* [What to do]: Write out every entry exactly as it appears, omitting the pictures.

Entries taken from a collection
++++++

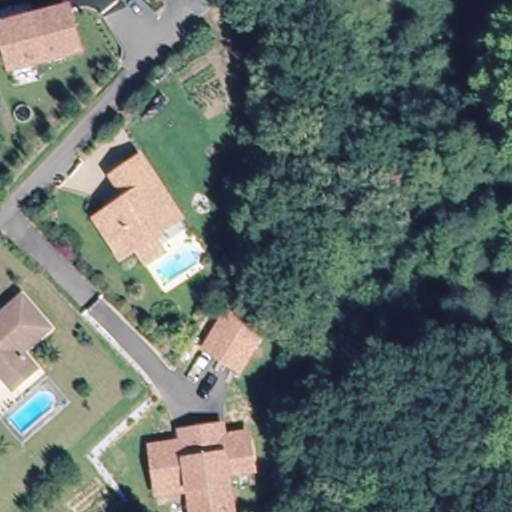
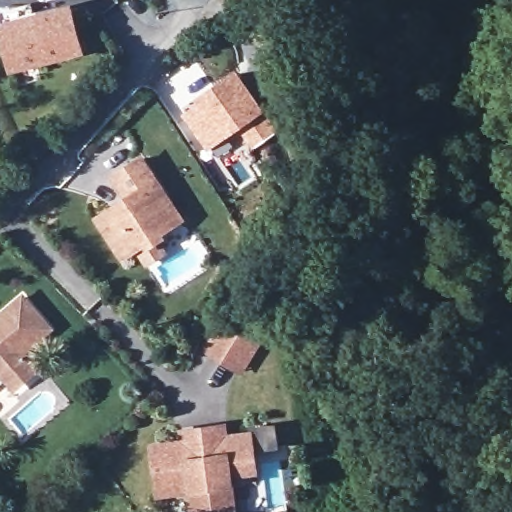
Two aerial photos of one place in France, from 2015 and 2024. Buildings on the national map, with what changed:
unchanged [(11,67),(1,26),(0,20),(0,11),(31,4),(35,18),(70,10),(79,51),(11,67)]
new [(183,114),(200,102),(197,97),(239,69),(279,127),(253,147),(239,127),(208,151),(183,114)]
unchanged [(166,226),(152,235),(163,251),(144,263),(133,246),(119,255),(96,219),(126,199),(112,176),(139,160),(169,206),(177,219),(166,226)]
unchanged [(0,327),(0,317),(19,299),(46,328),(19,352),(35,370),(18,385),(10,377),(0,376),(0,329),(1,328),(0,327)]
unchanged [(265,332),(241,372),(200,350),(228,308),(265,332)]
unchanged [(261,468),(229,474),(237,512),(196,512),(193,490),(160,496),(153,450),(178,446),(184,445),(183,435),(222,427),(223,433),(224,440),(254,434),(261,468)]

++++++

* [Solution to this task]:
Two aerial photos of one place in France, from 2015 and 2024. Buildings on the national map, with what changed:
unchanged [(11,67),(1,26),(0,20),(0,11),(31,4),(35,18),(70,10),(79,51),(11,67)]
new [(183,114),(200,102),(197,97),(239,69),(279,127),(253,147),(239,127),(208,151),(183,114)]
unchanged [(166,226),(152,235),(163,251),(144,263),(133,246),(119,255),(96,219),(126,199),(112,176),(139,160),(169,206),(177,219),(166,226)]
unchanged [(0,327),(0,317),(19,299),(46,328),(19,352),(35,370),(18,385),(10,377),(0,376),(0,329),(1,328),(0,327)]
unchanged [(265,332),(241,372),(200,350),(228,308),(265,332)]
unchanged [(261,468),(229,474),(237,512),(196,512),(193,490),(160,496),(153,450),(178,446),(184,445),(183,435),(222,427),(223,433),(224,440),(254,434),(261,468)]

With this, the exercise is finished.